It's trivially capped and rolled.
It's centralized.
It provides a common logging interface across platforms.
It's extremely simple (the script that pipes syslog output directly into Redis is probably just a couple lines long).
I have to believe that the people who really seem to like syslog have never worked in organizations that had to deploy things like Splunk or (worse) LogLogic and ArcSight just to make sense of the giant morass of useless text gunk they generate.
Have you noticed how none of the cool kids postprocess http log files anymore?
It is not less or more centralized than syslog configured with centralization (which is trivial to set up).
How is this more common than syslog across platforms (unless you include windows in "across platforms ?").
It is not simpler than syslog either, since writing to syslog is just a matter of using the right python logging backend.
Analysing tons of data from syslog is a pain, but I don't see how any solution will not require at some point in the stack to enforce a format/structure in your log. How is this fundamentally different than post-processing http log ?
What you really want to do (and what everyone does btw) is to push your logs to a central syslog-server and stream them into redis or whatever analytics solution from there.
I think the key point here is that all the above mentioned implementations have significant adoption and are in a sense "battle-tested". For example, what if your background worker has failed and log events are piling up in the Redis list you are using as queue? Do you have monitors in place to detect that situation, and at what value do your alarms go off? Projects like this have a way of taking a lot more time than originally thought, often at the expense of your core development time. I personally don't like spending the time writing and maintaining code for a project that isn't aligned with the problem I'm trying to solve, so I avoid it whenever possible.

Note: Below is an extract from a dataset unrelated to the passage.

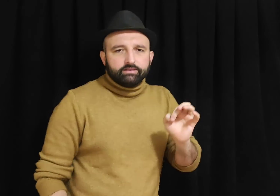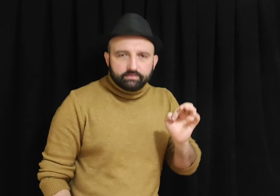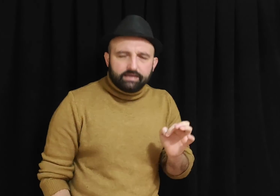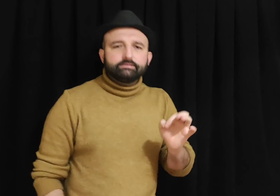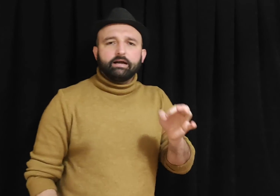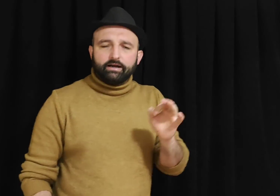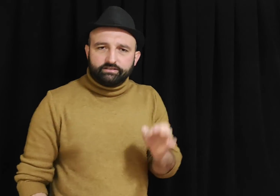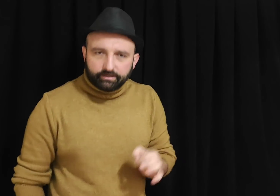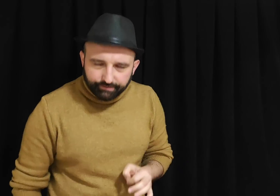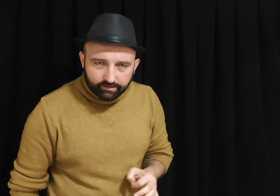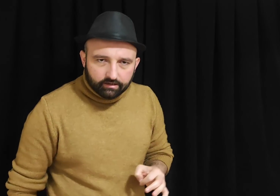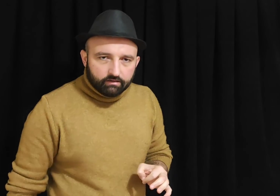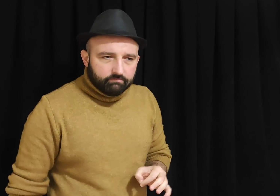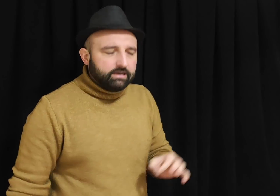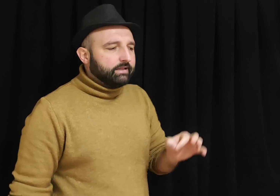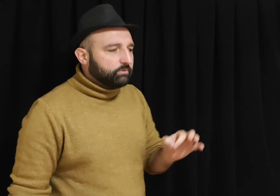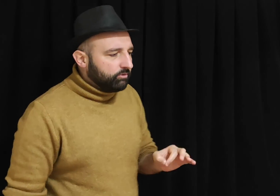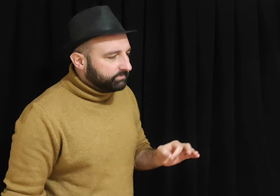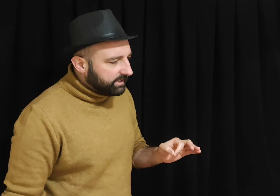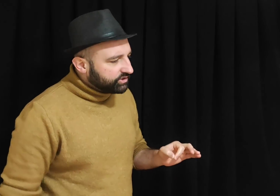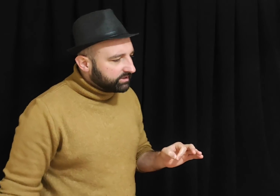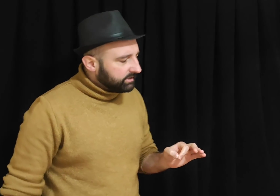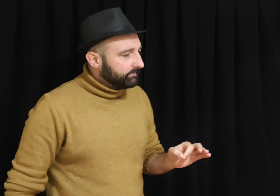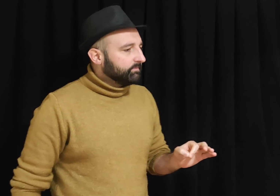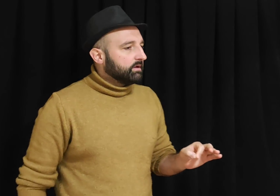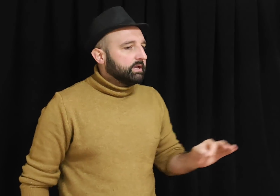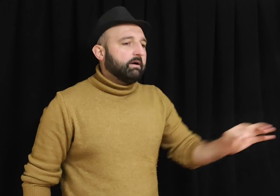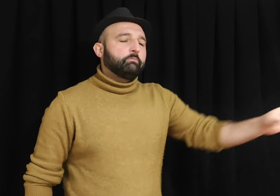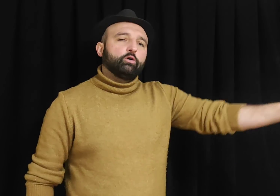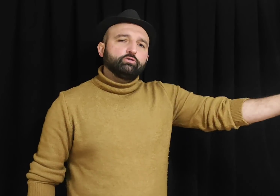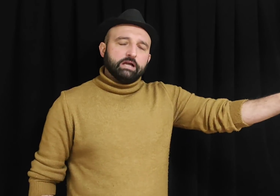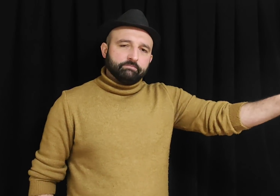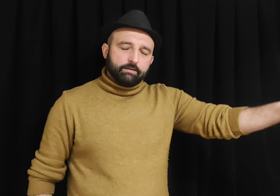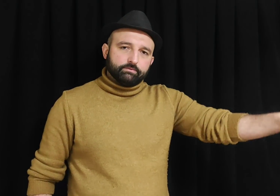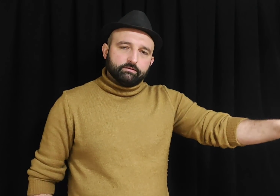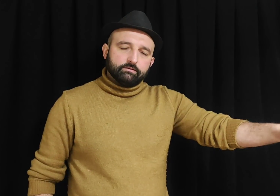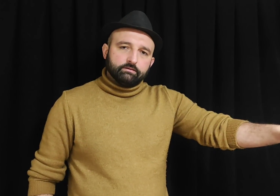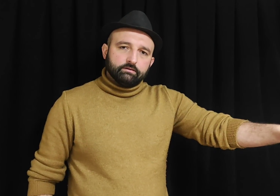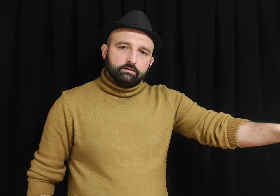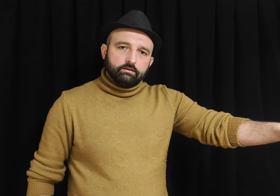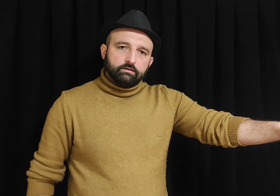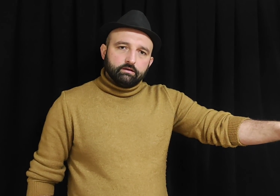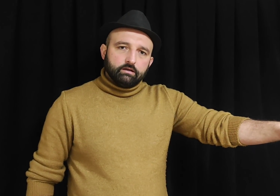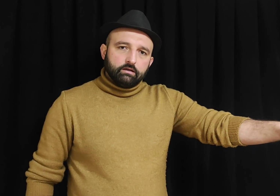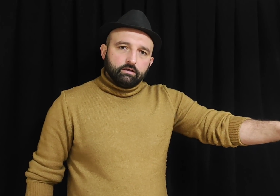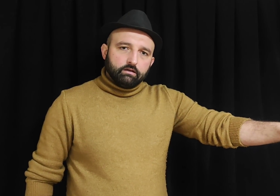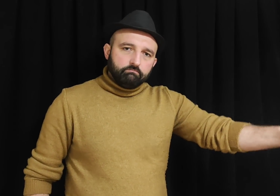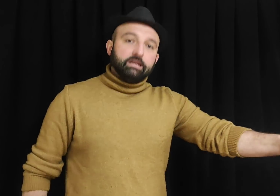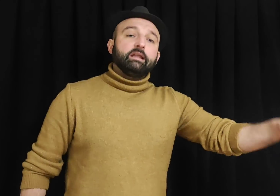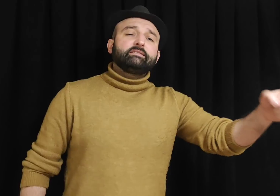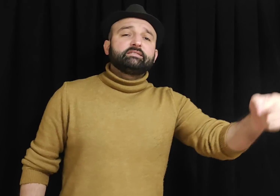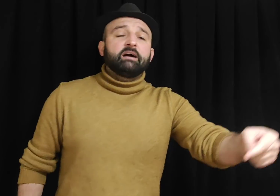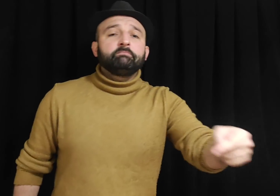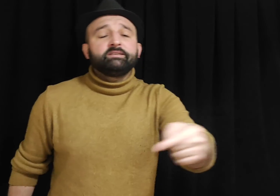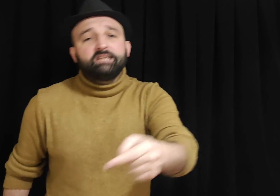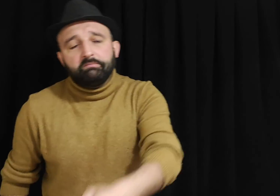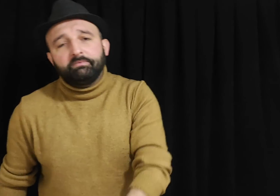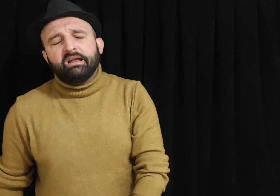derse AKP, millet dönüp diyecek ki İmamoğlu zam yaptı. Millet zammın sebebini
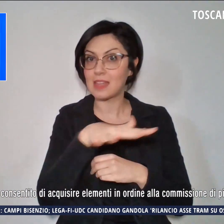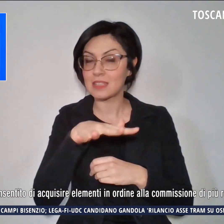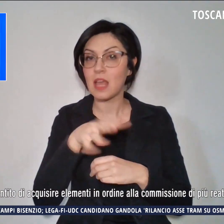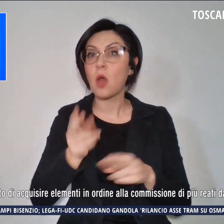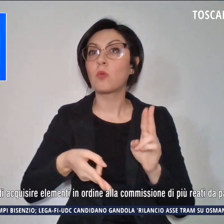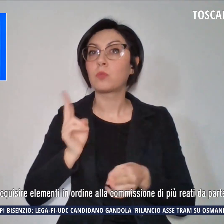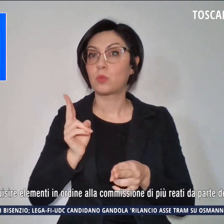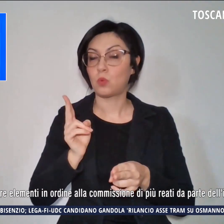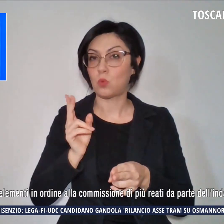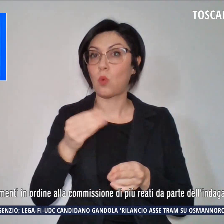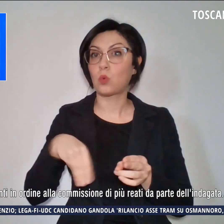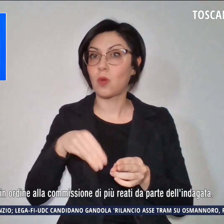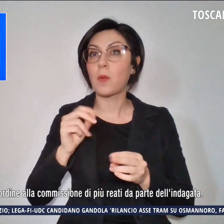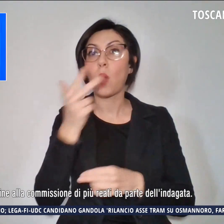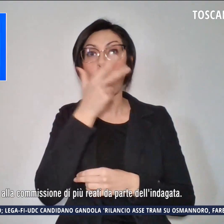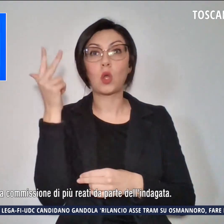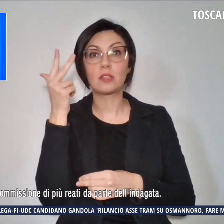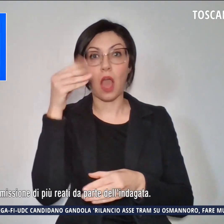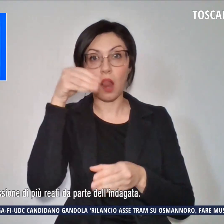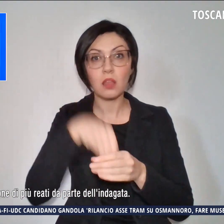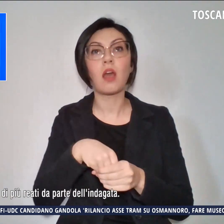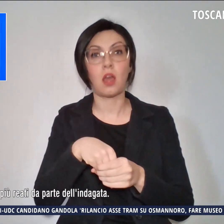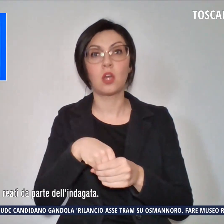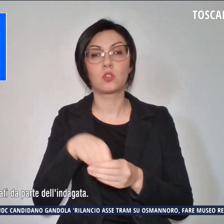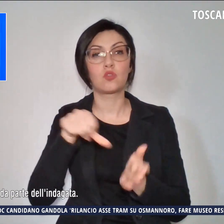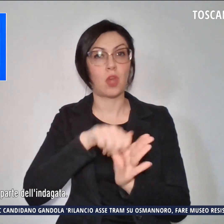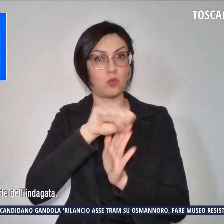'interno di un hotel del centro storico.

On the flip side, if you are setting out to build a really robust logging system on top of Redis, and that's something of value to your organization, then more power to you!
tail -n 1000
* Freeform text is a terrible way to track system events.
* Periodically rotated flat files are not a great way to store log information.
* Goofy little UDP messages are not a good way to convey system events
* The syslog PRI field dates back to when we exchanged messages with UUCP.
I could keep going, but since you're just going to reply with "lolwut umad?", I'll leave it at that.
And I'll add it tends to ship in a horrible default configuration with events scattered randomly over multiple files, no safe-guards against filling up the disk and no safeguards to ensure the stupid daemon is actually running.
However...
Freeform text is a terrible way to track system events.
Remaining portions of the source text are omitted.